The characterization of multigene families with high copy number variation is often approached through PCR amplification with highly degenerate primers to account for all expected variants flanking the region of interest. Such an approach often introduces PCR biases that result in an unbalanced representation of targets in high-throughput sequencing libraries that eventually results in incomplete detection of the targeted alleles. Here we confirm this result and propose two different amplification strategies to alleviate this problem. The first strategy (called pooled-PCRs) targets different subsets of alleles in multiple independent PCRs using different moderately degenerate primer pairs, whereas the second approach (called pooled-primers) uses a custom-made pool of non-degenerate primers in a single PCR. We compare their performance to the common use of a single PCR with highly degenerate primers using the MHC class I of the Iberian lynx as a model. We found both novel approaches to work similarly well and better than the conventional approach. They significantly scored more alleles per individual (11.33 ± 1.38 and 11.72 ± 0.89 vs 7.94 ± 1.95), yielded more complete allelic profiles (96.28 ± 8.46 and 99.50 ± 2.12 vs 63.76 ± 15.43), and revealed more alleles at a population level (13 vs 12). Finally, we could link each allele's amplification efficiency with the primer-mismatches in its flanking sequences and show that ultra-deep coverage offered by high-throughput technologies does not fully compensate for such biases, especially as real alleles may reach lower coverage than artefacts. Adopting either of the proposed amplification methods provides the opportunity to attain more complete allelic profiles at lower coverages, improving confidence over the downstream analyses and subsequent applications.

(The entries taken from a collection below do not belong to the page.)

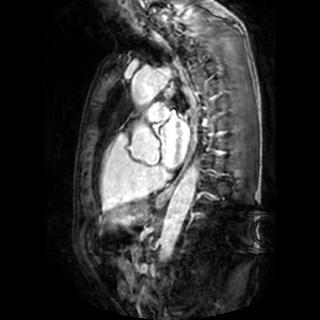
MR. The left atrium is located at x1=161 y1=115 x2=189 y2=167.
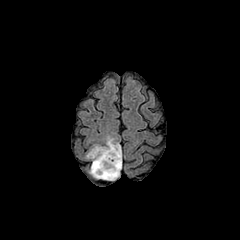
FLAIR MRI.
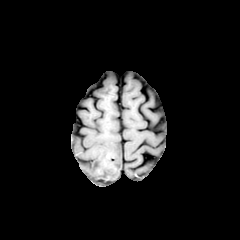
T1-weighted MRI of the same slice.
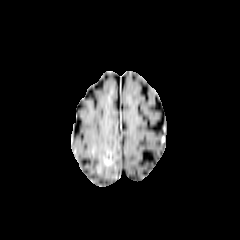
Post-contrast T1-weighted MRI.
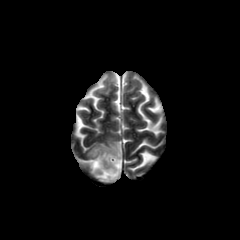
Same slice, T2-weighted MR image.
Brain. 240x240.
<segmentation>
  <non-enhancing_tumor_core>rect(92, 150, 119, 173)</non-enhancing_tumor_core>
  <edema>rect(87, 136, 121, 180)</edema>
</segmentation>
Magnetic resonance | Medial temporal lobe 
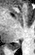
The posterior hippocampus lies within x1=10 y1=43 x2=20 y2=49.
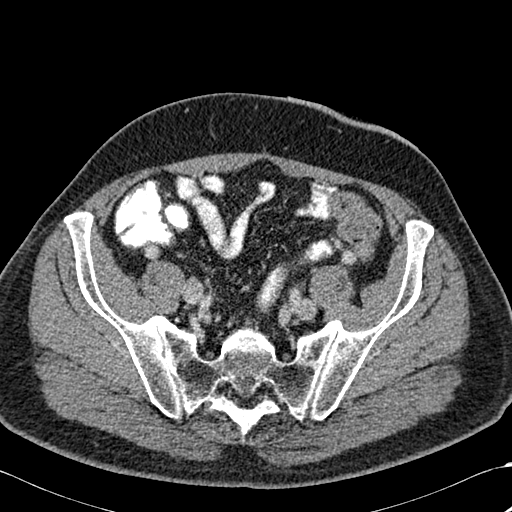

CT, 512x512 px
The bone lies within 64,212,433,434.
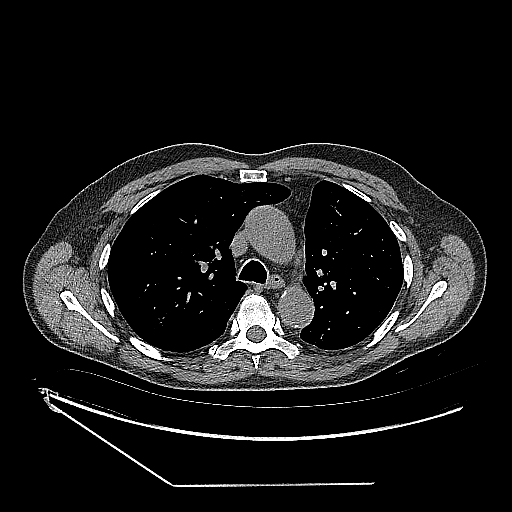
CT image
lung tumor: 157:312:168:322
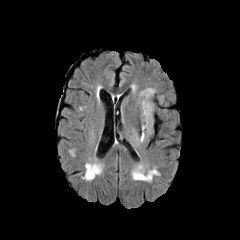
FLAIR magnetic resonance.
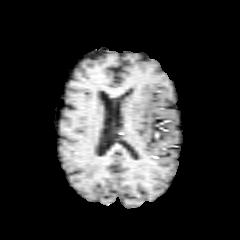
Same slice, T1-weighted MR.
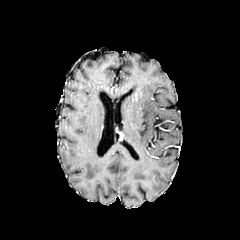
Same slice, post-contrast T1-weighted magnetic resonance.
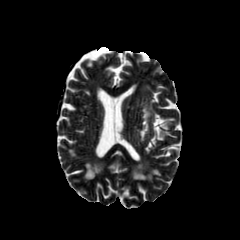
T2-weighted MR image.
2 edema regions are located at <box>140,100,152,141</box>, <box>141,88,154,96</box>.
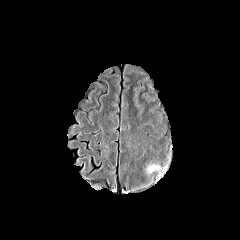
FLAIR MRI.
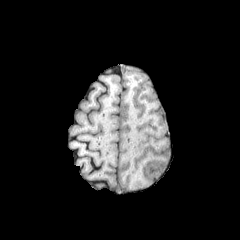
T1-weighted MRI.
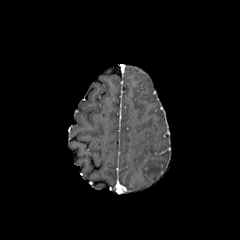
Same slice, post-contrast T1-weighted MR.
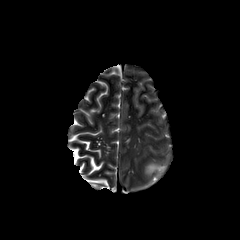
T2-weighted MRI.
240x240
Edema: box(148, 165, 159, 173).
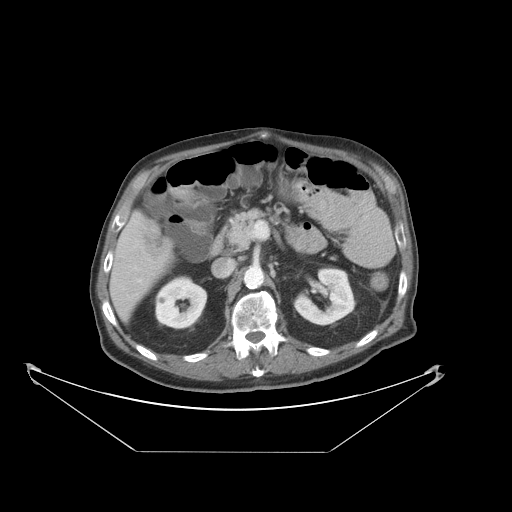
CT | 512x512 | Liver
The vessel boxes may cover only some of the vessels.
{"liver_tumor": ["(144, 233, 167, 257)"], "hepatic_vessel": ["(138, 279, 142, 283)"]}

对于具有高拷贝数变异的多基因家族的表征,通常通过使用高度简并引物进行PCR扩增来实现,以涵盖目标区域侧翼的所有预期变体。这种方法常常会引入PCR偏差,导致高通量测序文库中目标的不平衡表征,最终导致目标等位基因的检测不完整。在这里,我们证实了这一结果,并提出了两种不同的扩增策略来缓解这一问题。第一种策略(称为混合PCR)在多个独立的PCR中使用不同的中度简并引物对靶向不同的等位基因子集,而第二种方法(称为混合引物)在单个PCR中使用定制的非简并引物池。我们以伊比利亚猞猁的MHC I类为模型,将它们的性能与使用高度简并引物的单一PCR的常用方法进行了比较。我们发现这两种新方法的效果相似且优于传统方法。它们在每个个体中显著检测到更多的等位基因(分别为11.33±1.38和11.72±0.89,而传统方法为7.94±1.95),产生了更完整的等位基因图谱(分别为96.28±8.46和99.50±2.12,而传统方法为63.76±15.43),并且在群体水平上揭示了更多的等位基因(分别为13个和12个)。最后,我们可以将每个等位基因的扩增效率与其侧翼序列中的引物错配联系起来,并表明高通量技术提供的超深度覆盖并不能完全补偿这种偏差,特别是因为真实等位基因的覆盖度可能低于假象。采用所提出的任何一种扩增方法都有机会在较低的覆盖度下获得更完整的等位基因图谱,提高对下游分析和后续应用的信心。